Portanto, é possível observar o dever de cuidado a ser dado aos vestígios (possíveis elementos probatórios) que possuem relação com o fato/crime, os quais, posteriormente, poderão fazer parte do conjunto probatório com capacidade de julgamento pelo magistrado e tribunais, por isso expresso o devido procedimento para o “registro histórico da prova”.
Entretanto, na legislação processual penal brasileira não há o tratamento acerca da quebra/violação da cadeia de custódia da prova, ou seja, a lei não estabeleceu a consequência jurídica, sendo um dos problemas a serem enfrentados pela jurisprudência e pela academia (doutrina). Embora o Superior Tribunal de Justiça (STJ) já tenha enfrentado o tema em dois casos (HC 160.662/RJ, em 2014, e REsp 1.795.341/RS, em 2019), e na doutrina nacional (academia) o tema começou a ser enfrentado e debatido, sobretudo pelo Prof. Geraldo Prado, não temos um entendimento predominante e que ofereça uma segurança jurídica.

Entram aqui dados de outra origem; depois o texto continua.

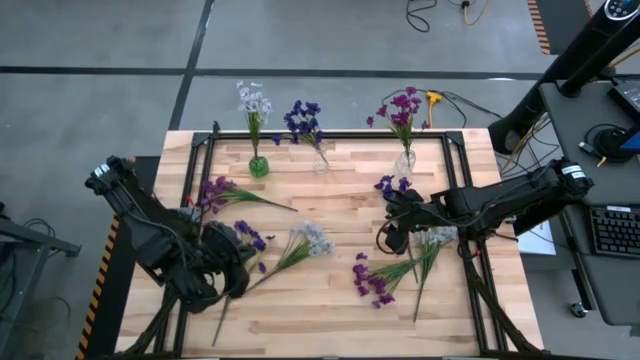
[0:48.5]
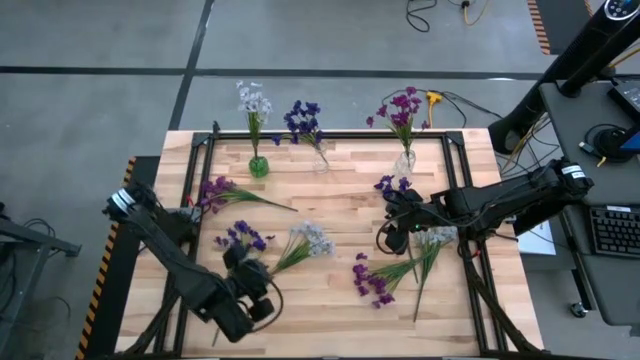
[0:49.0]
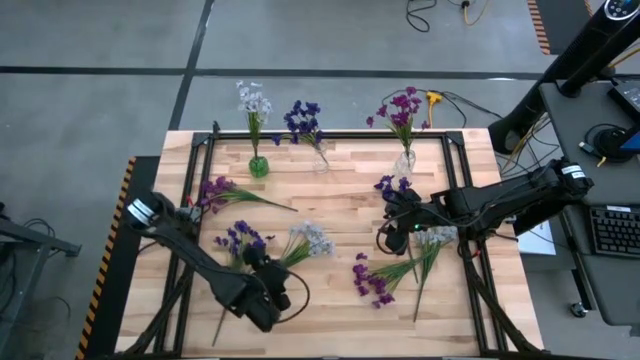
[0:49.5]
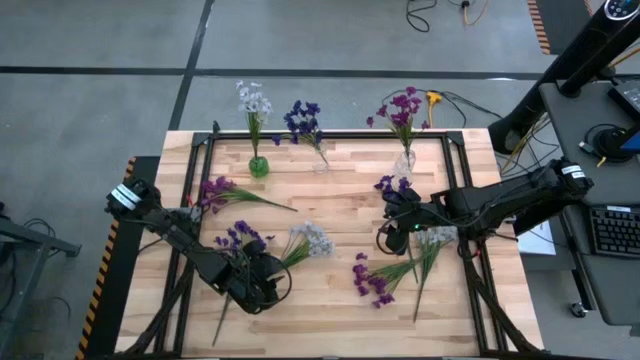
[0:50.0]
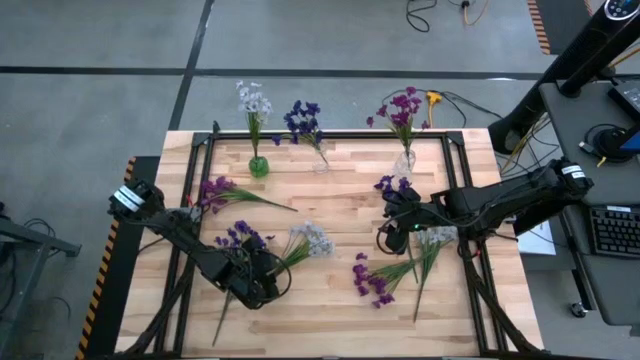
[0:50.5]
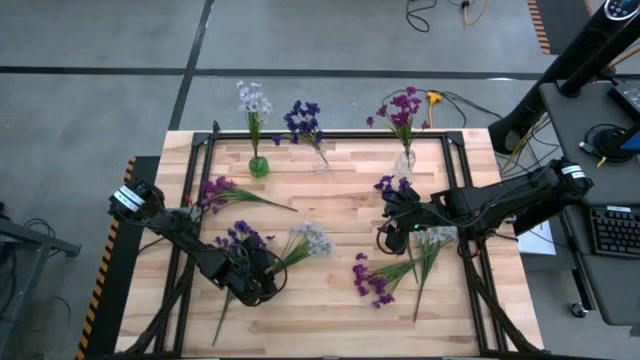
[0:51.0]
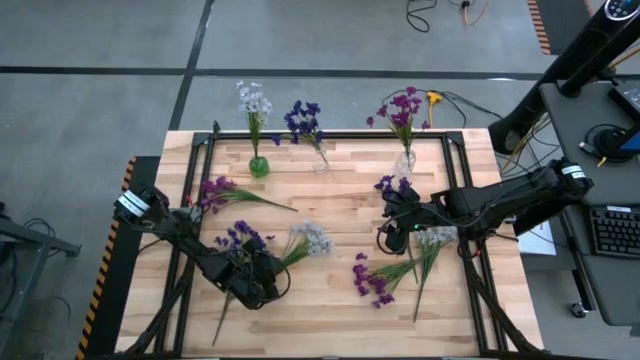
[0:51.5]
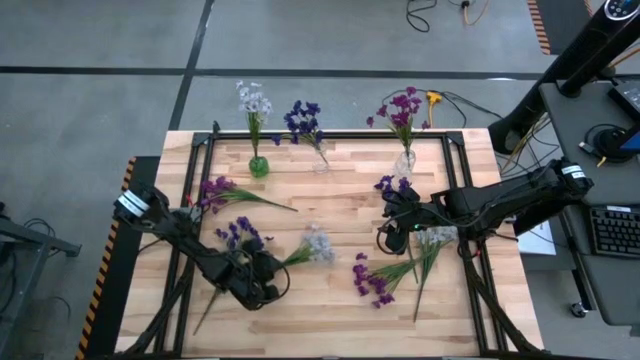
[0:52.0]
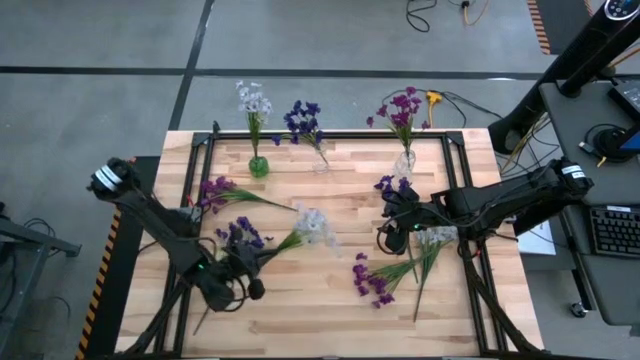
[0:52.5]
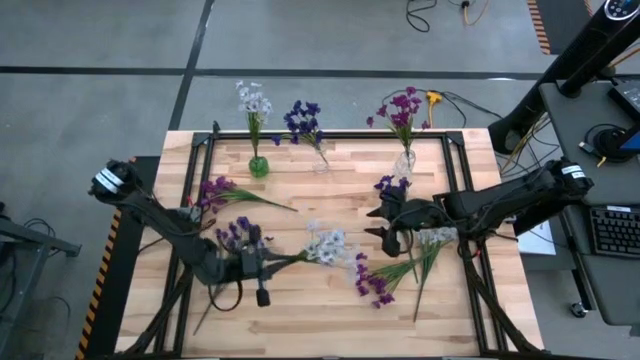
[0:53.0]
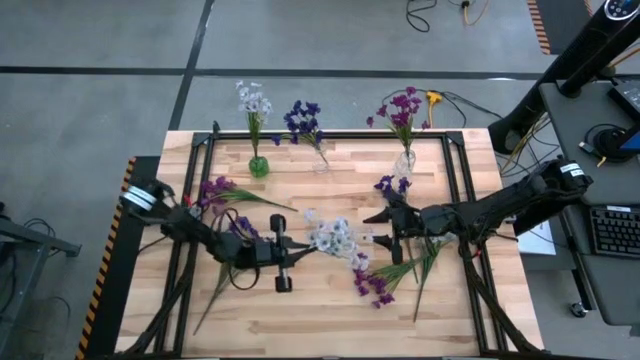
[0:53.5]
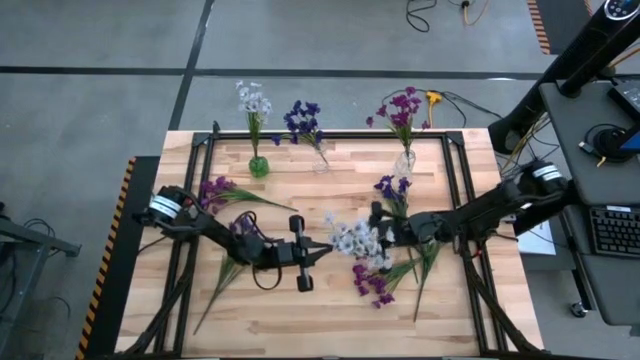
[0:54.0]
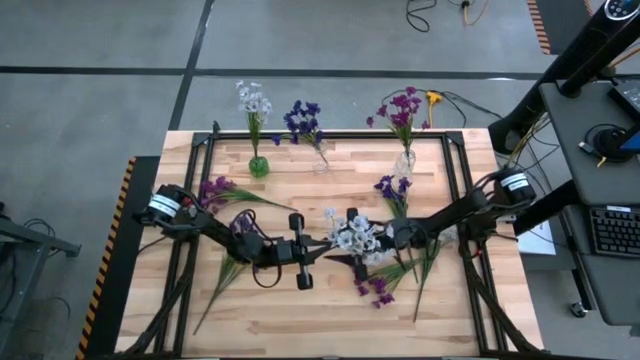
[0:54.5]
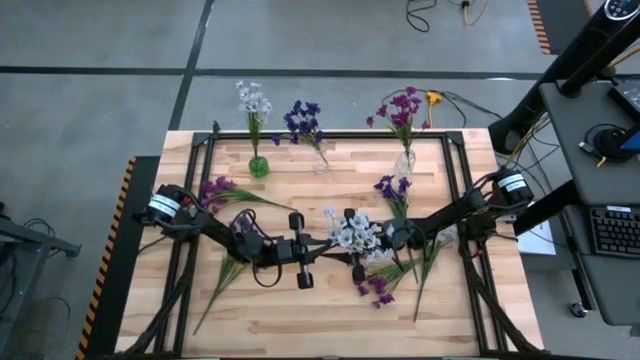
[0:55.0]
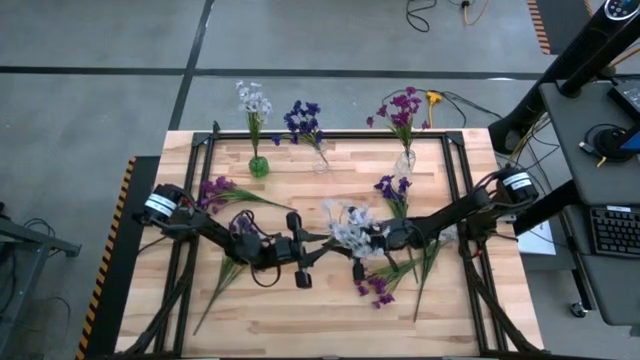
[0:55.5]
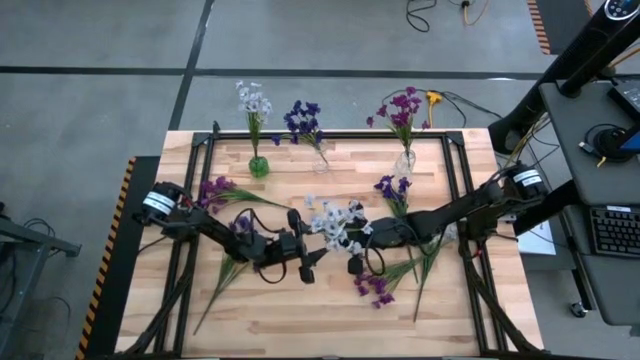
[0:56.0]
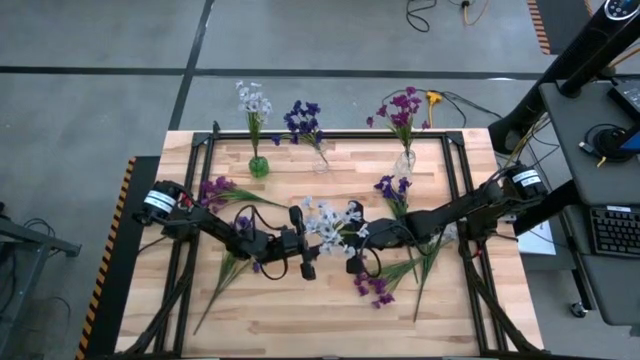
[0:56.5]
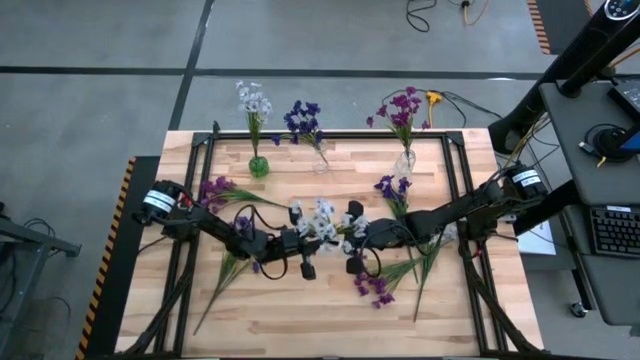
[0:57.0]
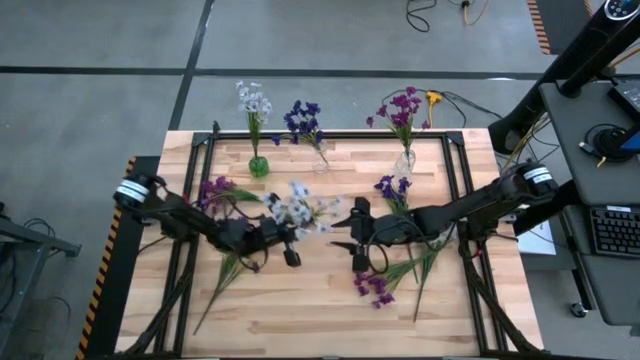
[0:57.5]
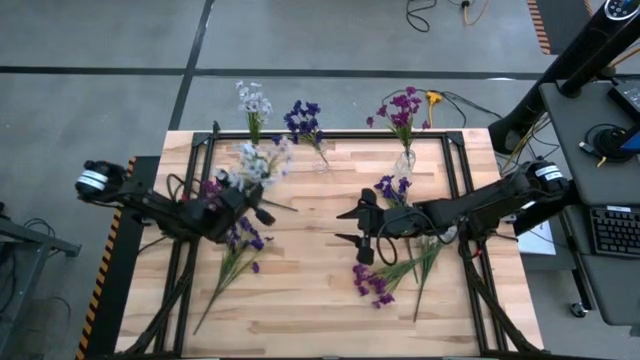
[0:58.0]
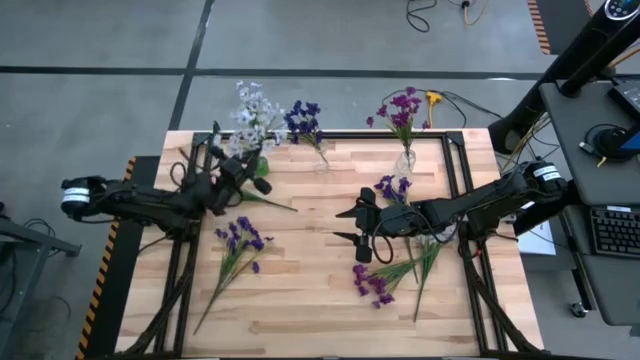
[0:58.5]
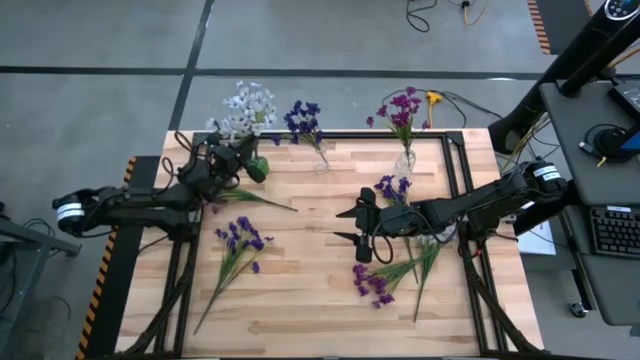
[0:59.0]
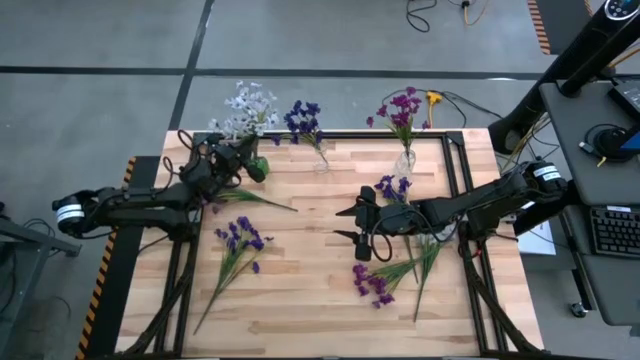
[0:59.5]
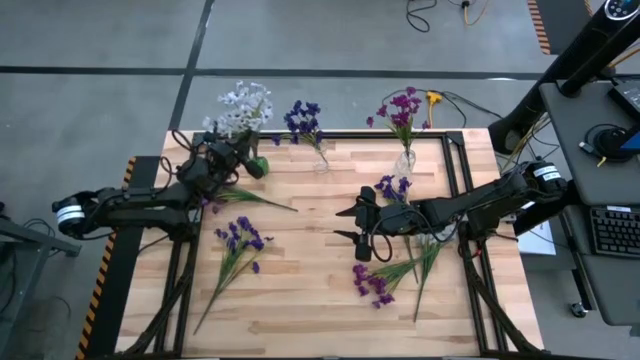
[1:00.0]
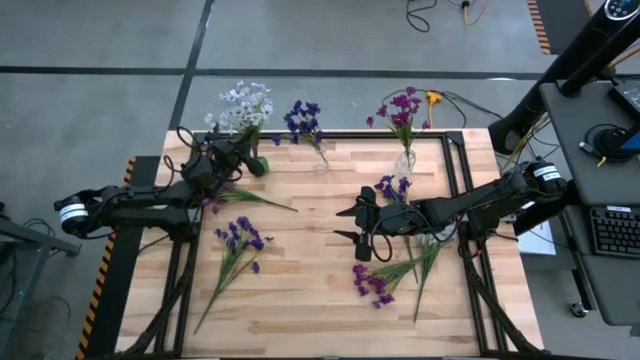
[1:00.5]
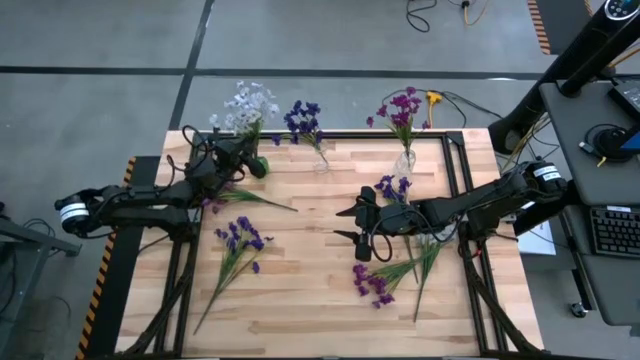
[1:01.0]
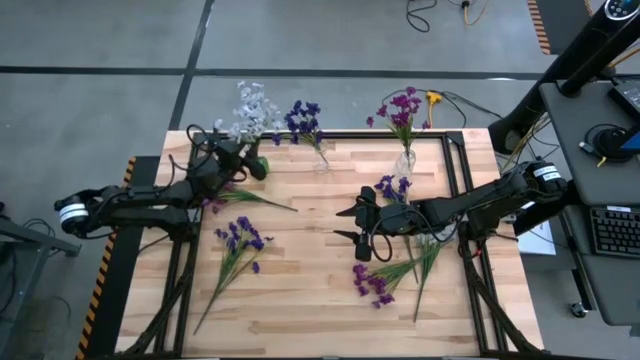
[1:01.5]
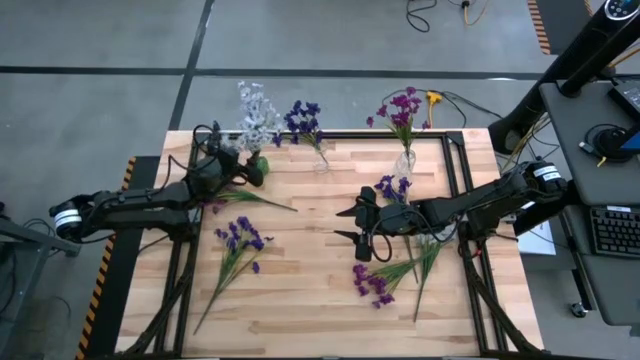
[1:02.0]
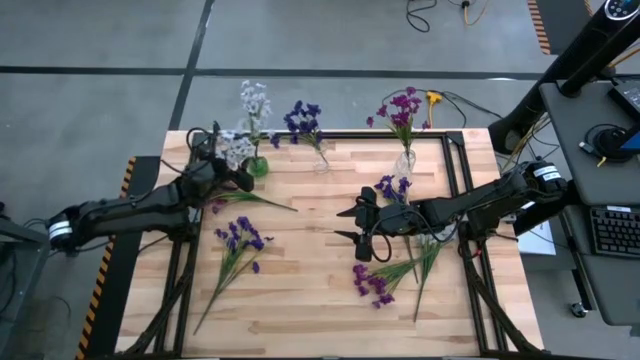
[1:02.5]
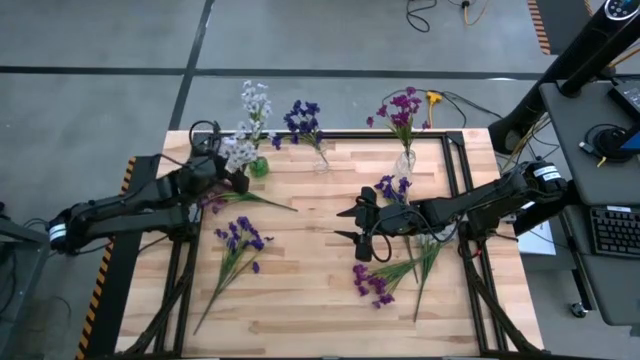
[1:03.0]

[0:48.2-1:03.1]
Task: Sort flowers into vase by color
Put the left white flowers into the green vase

Sucintamente, podemos constatar a existência de 3 (três) entendimentos: (1) no campo da admissibilidade; (2) no campo da valoração; e (3) no campo das nulidades. A primeira corrente sustenta que a violação implica na ilegitimidade (ilicitude) da prova, ou seja, o tratamento é de prova ilícita (derivada) e de sua inadmissibilidade no processo (CPP, art. 157, § 1º). Em que pese a cadeia de custódia não seja a prova em si, mas a “prova da prova”, sua violação gera a contaminação da prova por derivação, tendo em vista que afeta diretamente a autenticidade da prova (fiabilidade) e há a impossibilidade do efetivo exercício do contraditório. A segunda corrente defende que a violação se trataria de um tipo de vício que deve ser tratado no campo da valoração da prova (CPP, art. 155). Já a terceira corrente entende que a violação deve possuir o tratamento dado à nulidade processual relativa, onde acreditam que o tratamento a ser dado à não observância das regras deve ser conforme a teoria do “prejuízo”, ou seja, a violação seria uma nulidade relativa (CPP, art. 563).

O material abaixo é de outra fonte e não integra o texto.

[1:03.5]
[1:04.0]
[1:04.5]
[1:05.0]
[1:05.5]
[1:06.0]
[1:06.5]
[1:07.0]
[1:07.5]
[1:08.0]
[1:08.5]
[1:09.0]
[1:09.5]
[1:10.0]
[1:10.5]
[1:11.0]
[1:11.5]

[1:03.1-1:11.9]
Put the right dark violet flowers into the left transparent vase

Cabe, ainda, ressaltar a importância do juiz das garantias (juiz da instrução) e sua relação com a análise da violação ou não da cadeia de custódia da prova, visto que é quem pode/deve realizar o juízo de admissibilidade ou não da prova – e o seu ingresso no conjunto probatório – sem ferir o contraditório e a imparcialidade do juiz no processo, realizando um verdadeiro controle da legalidade (sem qualquer expectativa futura).
Por fim, indaga-se: qual a sua importância como instrumento defensivo?

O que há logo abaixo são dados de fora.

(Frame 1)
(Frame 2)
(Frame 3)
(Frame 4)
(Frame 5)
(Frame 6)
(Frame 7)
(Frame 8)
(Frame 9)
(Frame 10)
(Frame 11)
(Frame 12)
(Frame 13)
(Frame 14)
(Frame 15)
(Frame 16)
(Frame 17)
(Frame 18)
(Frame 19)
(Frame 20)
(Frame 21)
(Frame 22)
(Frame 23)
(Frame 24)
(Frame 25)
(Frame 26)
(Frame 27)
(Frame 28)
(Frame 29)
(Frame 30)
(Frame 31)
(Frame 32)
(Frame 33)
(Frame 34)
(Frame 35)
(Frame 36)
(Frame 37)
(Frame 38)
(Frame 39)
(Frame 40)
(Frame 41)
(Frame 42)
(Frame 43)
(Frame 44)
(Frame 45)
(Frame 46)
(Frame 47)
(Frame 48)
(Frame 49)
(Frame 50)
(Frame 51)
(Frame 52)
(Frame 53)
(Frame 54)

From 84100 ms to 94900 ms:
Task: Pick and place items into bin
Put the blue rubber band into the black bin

A cadeia de custódia da prova busca assegurar o “registro histórico do vestígio” e garantir a fiabilidade probatória, ou seja, para que seja possível afirmar que se trata do mesmo vestígio, sem alteração/manipulação/contaminação, desde o seu reconhecimento (princípio da mesmidade). Possui “efeito dissuasório” com o objetivo de inibir as ilegalidades na investigação criminal (práticas ilegais para obter a punição).
É um instrumento defensivo pelo qual a defesa pode exercer efetivamente o contraditório, a fim de averiguar a fiabilidade probatória da acusação, e que possibilita um controle dos atos realizados pelas agências penais. O acesso a toda a cadeia de custódia da(s) prova(s) é imprescindível à defesa, uma verdadeira garantia processual, não só sustentada pela ampla defesa e pelo contraditório, mas, também, pela paridade de armas, especialmente no processo penal, visto que ônus da prova cabe exclusivamente à acusação.